EFSA reports aim to harmonise monitoring of two food-borne zoonoses

EFSA has published two new reports aimed at improving the monitoring and reporting in the European Union of two bacteria responsible for zoonotic diseases which can be transmitted from animals and food to humans. These are Yersinia (Yersinia enterocolitica), which causes the 3rd most frequently reported zoonoses in Europe, and VTEC (verotoxigenic Escherichia coli), which although less widespread, can be fatal.

The technical specifications contained in the reports describe how data should be collected and include a risk-based sampling strategy specifying details on the frequency and methods of sampling and laboratory analysis. This will allow Member States to produce more relevant and comparable data to support EFSA in its task of analysing the occurrence of these zoonoses and identifying the sources for human infections with these zoonoses. The harmonisation will also lead to more cost effective monitoring.

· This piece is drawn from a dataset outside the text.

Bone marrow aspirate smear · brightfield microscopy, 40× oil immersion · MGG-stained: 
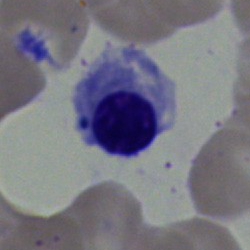
Specimen: bone marrow smear.
Cell type: nucleated red cell.
Lineage: erythroid.

Yersinia enterocolitica is a bacterium carried by pigs and to a lesser extent by other animals. When passed to humans it causes the infectious disease called yersiniosis. It most often affects young children and causes such symptoms as fever, abdominal pain and diarrhoea. In an opinion on monitoring Y. enterocolitica in pigs[1] in 2007, experts on EFSA’s Biological Hazards (BIOHAZ) Panel recommended that national surveys of pigs at slaughterhouses be carried out depending on the prevalence of the disease in individual Member States.

VTEC infections, although less widespread, can have serious health impact, such as acute kidney failure in young children. EFSA recommends monitoring VTEC in young cattle and sheep at the slaughterhouse at least every three years. It bases these specifications on an opinion by EFSA’s BIOHAZ Panel in 2007[2] on the identification and monitoring of pathogenic VTEC strains in humans.

The guidance documents were drawn up following recent EFSA Community Summary reports which showed that there were insufficient data to assess the sources of human infections from these two zoonotic agents. Access to good quality data is essential for EFSA in providing the best scientific advice to support risk managers in their decisions to protect the health of people throughout the EU.